** THE INPUT follows **
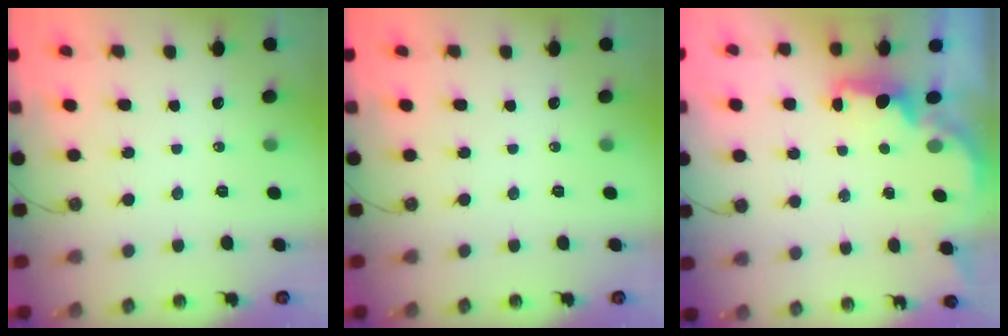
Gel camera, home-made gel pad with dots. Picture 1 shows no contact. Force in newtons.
{"total": 0.0}
{"total": 2.2, "press": 2.1, "slide": 0.8}
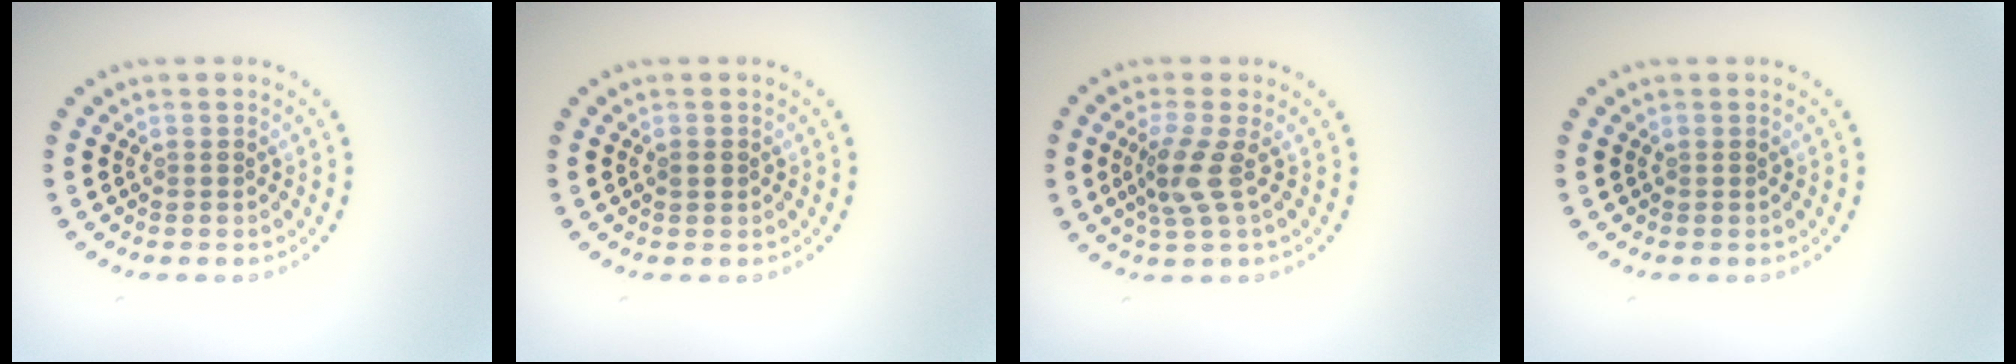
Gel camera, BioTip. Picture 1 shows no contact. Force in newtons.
{"total": 0.9, "press": 0.9, "slide": 0.2}
{"total": 2.7, "press": 2.0, "slide": 1.8}
{"total": 0.0}
** End of THE INPUT **
» **EXERCISE DIRECTIONS**
Output each record exactly as it appears, but not the pictures.

» **FINISHED EXERCISE**
Gel camera, home-made gel pad with dots. Picture 1 shows no contact. Force in newtons.
{"total": 0.0}
{"total": 2.2, "press": 2.1, "slide": 0.8}
Gel camera, BioTip. Picture 1 shows no contact. Force in newtons.
{"total": 0.9, "press": 0.9, "slide": 0.2}
{"total": 2.7, "press": 2.0, "slide": 1.8}
{"total": 0.0}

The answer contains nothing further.